The precision of the stereochemistry and enzymatic kinetics of these N-glycosylation reactions (Varki, 2009) has inspired a number of mathematical models (Umaña and Bailey, 1997; Krambeck et al., 2009; Krambeck and Betenbaugh, 2005) that predict the N-glycan distribution based on the activities and levels of processing enzymes distributed in the Golgi cisternae of mammalian cells and compare these predictions with N-glycan mass spectrum data. Models such as the KB2005 model (Umaña and Bailey, 1997; Krambeck and Betenbaugh, 2005; Krambeck et al., 2009) are extremely elaborate (with a network of 22,871 chemical reactions and 7565 oligosaccharide structures) and require many chemical input parameters. These models have an important practical role to play, that of being able to predict the impact of the various chemical parameters on the glycan distribution, and to evaluate appropriate metabolic strategies to recover the original glycoprofile. Additionally, a recent study by Ungar and coworkers (Fisher et al., 2019; Fisher and Ungar, 2016) shows how physical parameters, such as overall Golgi transit time and cisternal number, can be tuned to engineer a homogeneous glycan distribution. Overall, such models can help predict glycosylation patterns and direct glycoengineering projects to optimize glycoform distributions.

Our focus is different. We are interested in the role of glycans as a marker or molecular code of cell identity (Gabius, 2018; Varki, 2017; Pothukuchi et al., 2019), and in particular, understanding enzymatic and transport processes located in the secretory apparatus of the cell that ensure that this code is generated with high fidelity. To do this, we have had to develop a new formal apparatus that allows us to address these questions and discuss trade-offs between competing drives. Since our analysis draws on many diverse fields, we provide a short summary of the assumptions, methods, and results of the article before discussing the implications of our work.

  1. The glycan profile on the cell surface is a marker of cell-type identity (Varki, 2009; Gabius, 2018; Varki, 2017; Pothukuchi et al., 2019). We define the complexity of a glycan profile to be the minimum number of GMM components required to approximate the profile to within the noise floor. We show that with this definition of complexity more complex organisms correlate with higher complexity glycan profiles. We use this to analyse the complexity of the glycan profiles of planaria, hydra, and mammalian cells (Drickamer and Taylor, 1998).

  2. The glycans at the cell surface are the end product of a sequential chemical processing via a set of enzymes resident in the Golgi cisternae and transport across cisternae (Varki, 2017; Varki, 1998; Pothukuchi et al., 2019). We have proposed a general model for chemical synthesis and transport that, in principle, allows us to compute the synthesized glycan distribution at the cell surface as a function of the enzymes NE, reaction rates R, enzyme configurations L, specificity of enzymes σ, number of cisternae NC, and transport rates μ. However the large dimension of the search space makes this optimization intractable. We thus use a simplified synthesis model with fewer parameters; while our quantitative results are based on this simplified model, we believe that at a qualitative level our results have more general validity.

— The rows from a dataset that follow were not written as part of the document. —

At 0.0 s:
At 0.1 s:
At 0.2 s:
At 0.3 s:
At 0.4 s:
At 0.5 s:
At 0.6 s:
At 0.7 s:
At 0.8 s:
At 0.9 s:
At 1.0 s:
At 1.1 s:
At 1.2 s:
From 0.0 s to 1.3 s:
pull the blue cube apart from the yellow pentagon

  3. We define the fidelity of a synthesis mechanism as the minimum normalized KL divergence (Cover and Thomas, 2012; MacKay, 2003) between synthesized glycan distribution on the cell surface and a ‘target’ profile.

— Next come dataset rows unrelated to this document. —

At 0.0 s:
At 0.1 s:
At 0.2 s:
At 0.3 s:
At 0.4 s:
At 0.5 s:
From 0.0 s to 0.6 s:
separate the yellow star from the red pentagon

  4. The results of the optimization over rates R and enzyme configurations L for a given value of (NC,NE,σ) and a target distribution c of given complexity are given in Figure 3 and Figure 4. Here, we highlight some qualitative consequences of the model:

    1. Keeping the number of enzymes fixed, a more elaborate transport mechanism (via control of NC and μ) is essential for synthesizing high-complexity target distributions to within a high fidelity, or equivalently, low error (Figure 4a and b). Fewer cisternae cannot be compensated for by optimizing the enzymatic synthesis via control of parameters R, L, and σ. An empirical verification of this would involve a coordinated analysis of the glycan profiles, ultrastructure of Golgi, and the number of glycosylation enzymes across many species.

    2. Thus, our study suggests that the requirement that a glycan code of a given complexity be synthesized with sufficiently high fidelity imposes functional control on the Golgi cisternal number. It also provides an argument for the evolutionary requirement of multiple compartments by demonstrating that the fidelity and robustness of the glycan code arising from a chemical synthesis that involves multiple cisternae are higher than the one that involves a single cisterna (keeping everything else fixed) (see Figure 4a and b and Figure 6) This feature, that with multiple cisternae and precise enzyme partitioning one may generically achieve a highly accurate representation of the target distribution, has been highlighted in an algorithmic model of glycan synthesis Jaiman and Thattai, 2018.

      Combining (a) and (b), our study quantitatively shows that constructing a high-fidelity representation of a complex target distribution, such as those observed in real cells, requires a complex Golgi machinery with multiple cisternae, precise enzyme partitioning, and control on enzyme specificity. This definition of fidelity of the glycan code allows us to provide a quantitative argument for the evolutionary requirement of multiple compartments. While it is possible to produce complex glycan distributions in one compartment using a large number of enzymes, such a design would inevitably require a more elaborate genetic cost.

    3. Organisms such as plants and algae have a diverse repertoire of glycans that are utilized in a variety of functions (McFarlane et al., 2014; Koch et al., 2015; O’Neill et al., 2004; Hayashi and Kaida, 2011; Kumar et al., 2011; Gow and Hube, 2012; Atmodjo et al., 2013; Free, 2013; Pauly et al., 2013; Burton and Fincher, 2014). Our study shows that it is optimal to use low-specificity enzymes to synthesize target distributions with high diversity (Figure 7). However, this compromises on the complexity of the glycan distribution, revealing a tension between complexity and diversity. One way of relieving this tension is to have larger NE and NC.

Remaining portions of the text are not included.